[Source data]
= = = = = = =
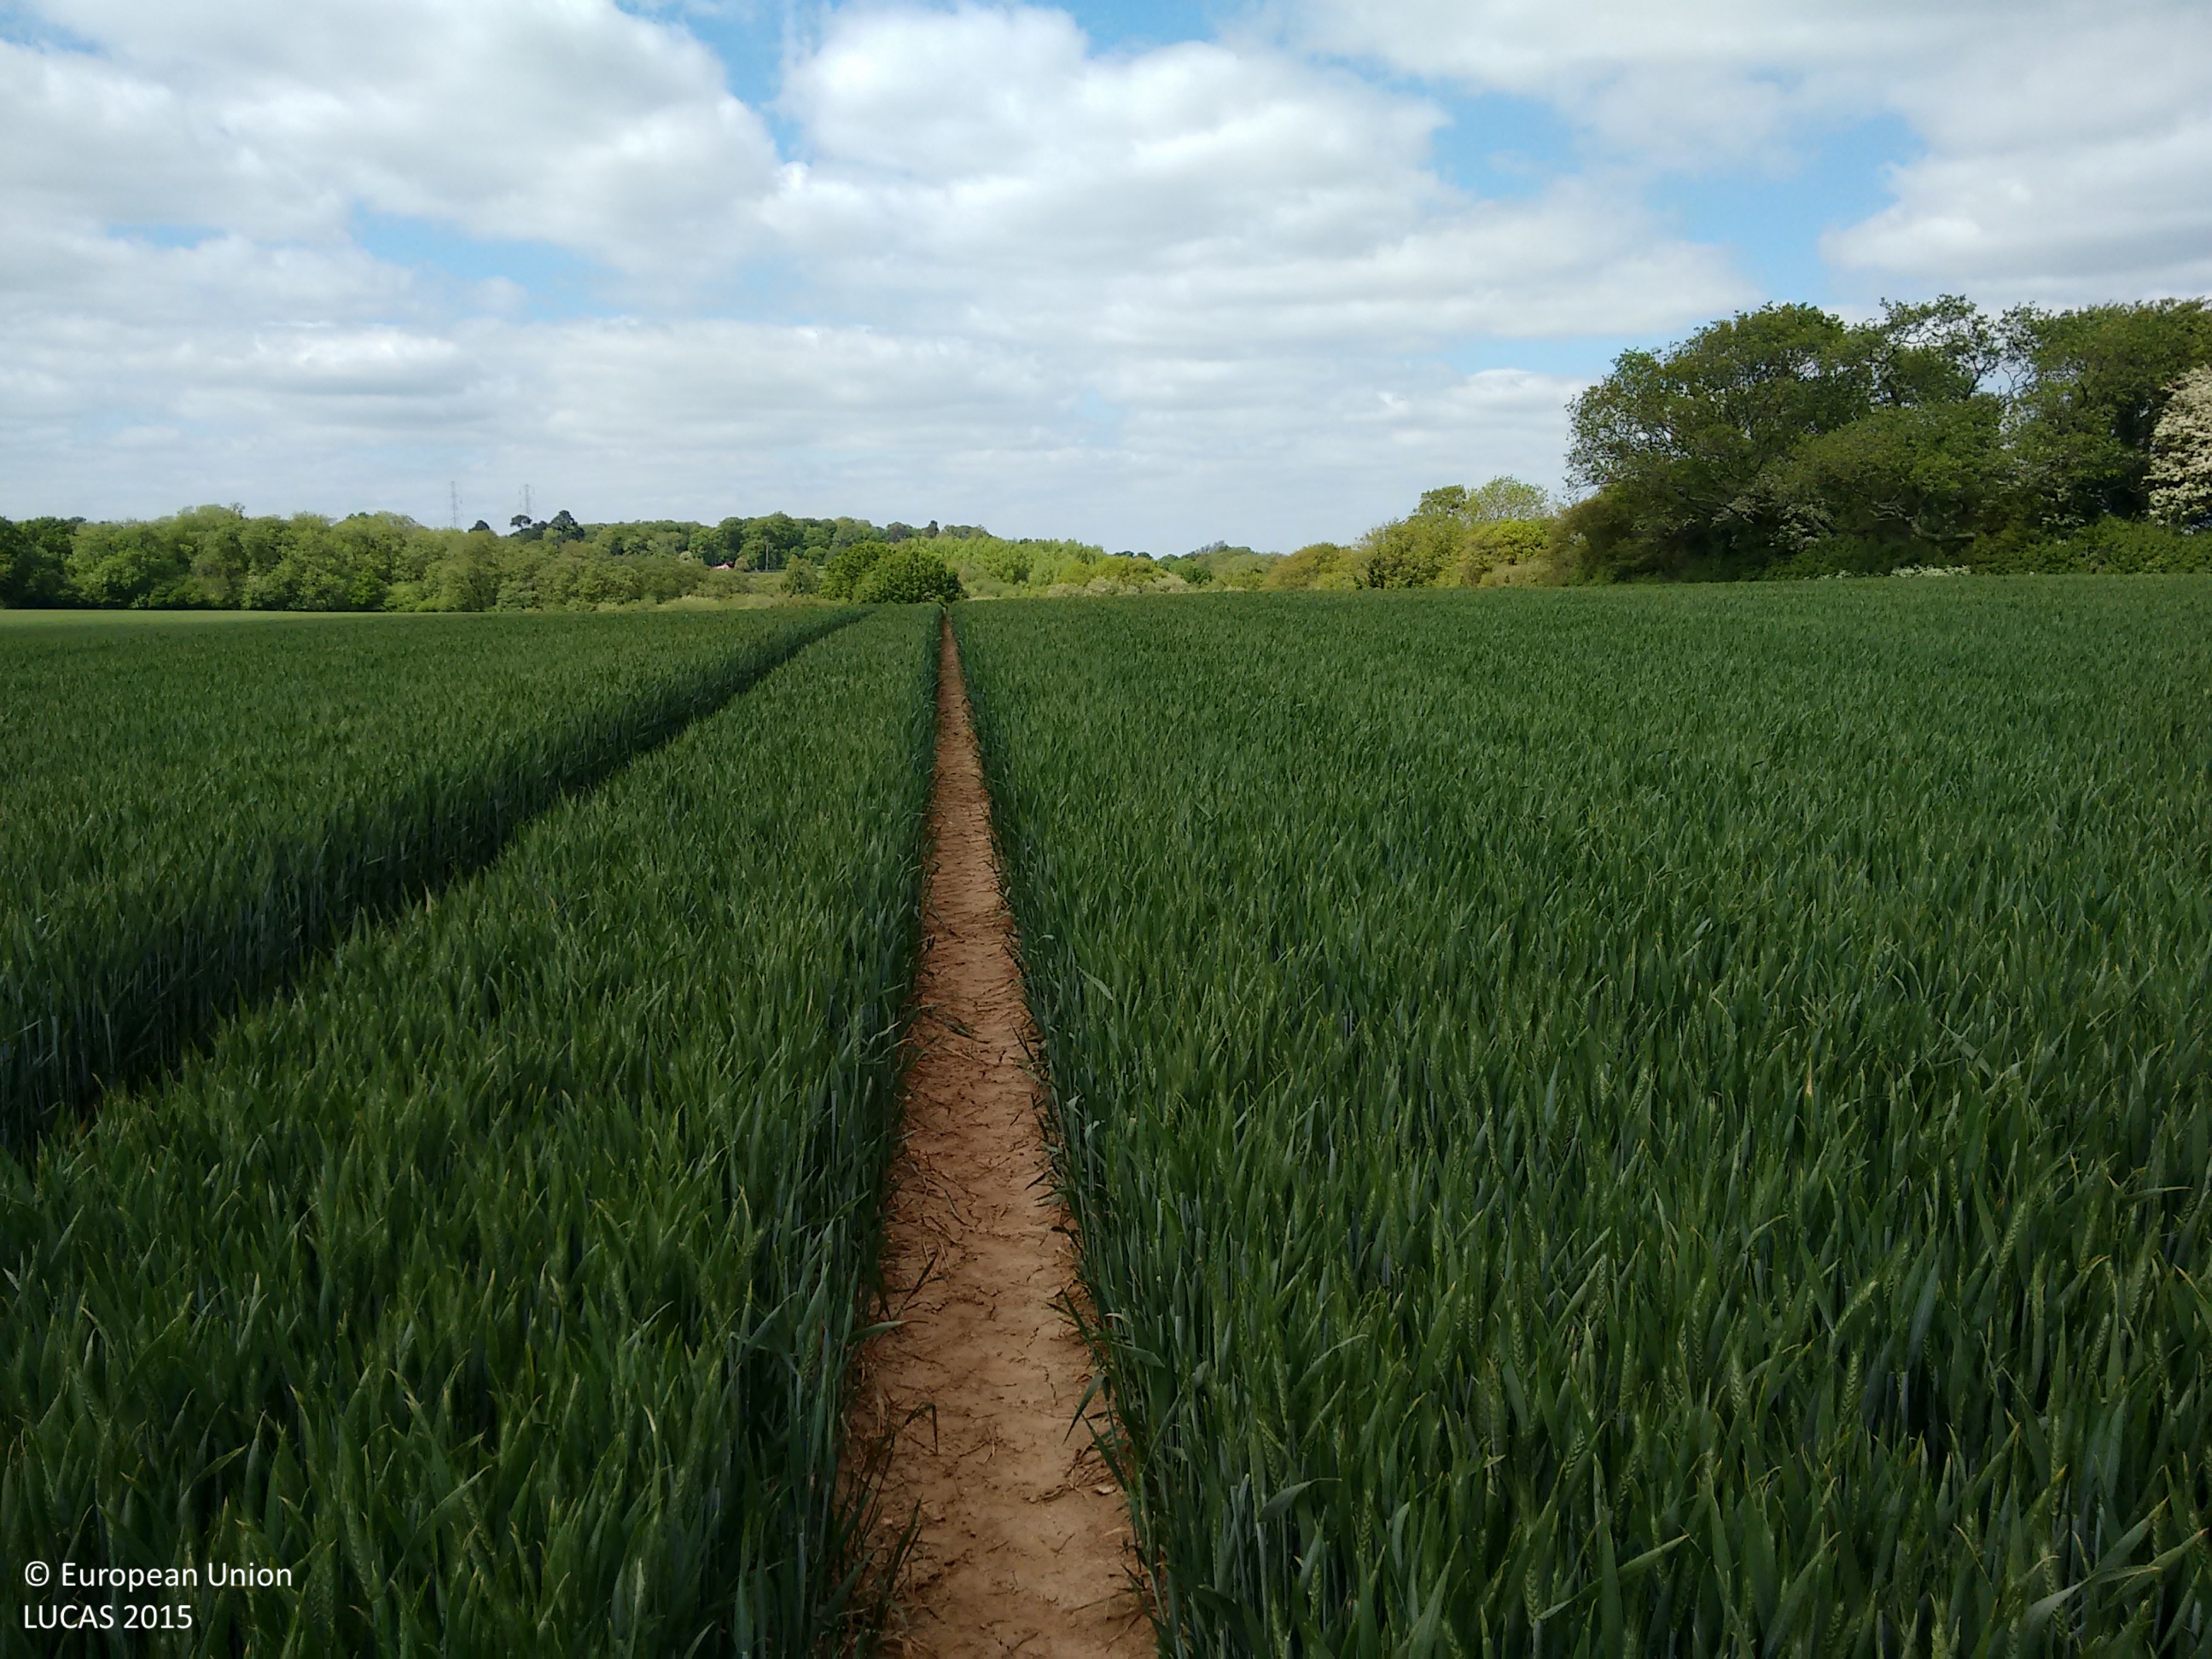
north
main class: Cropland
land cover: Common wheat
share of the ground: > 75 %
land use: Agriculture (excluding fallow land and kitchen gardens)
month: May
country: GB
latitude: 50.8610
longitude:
= = = = = = =
* [Task item] Each record above should be restated word for word. The pictures should not appear.

* [Completed task]
north
main class: Cropland
land cover: Common wheat
share of the ground: > 75 %
land use: Agriculture (excluding fallow land and kitchen gardens)
month: May
country: GB
latitude: 50.8610
longitude:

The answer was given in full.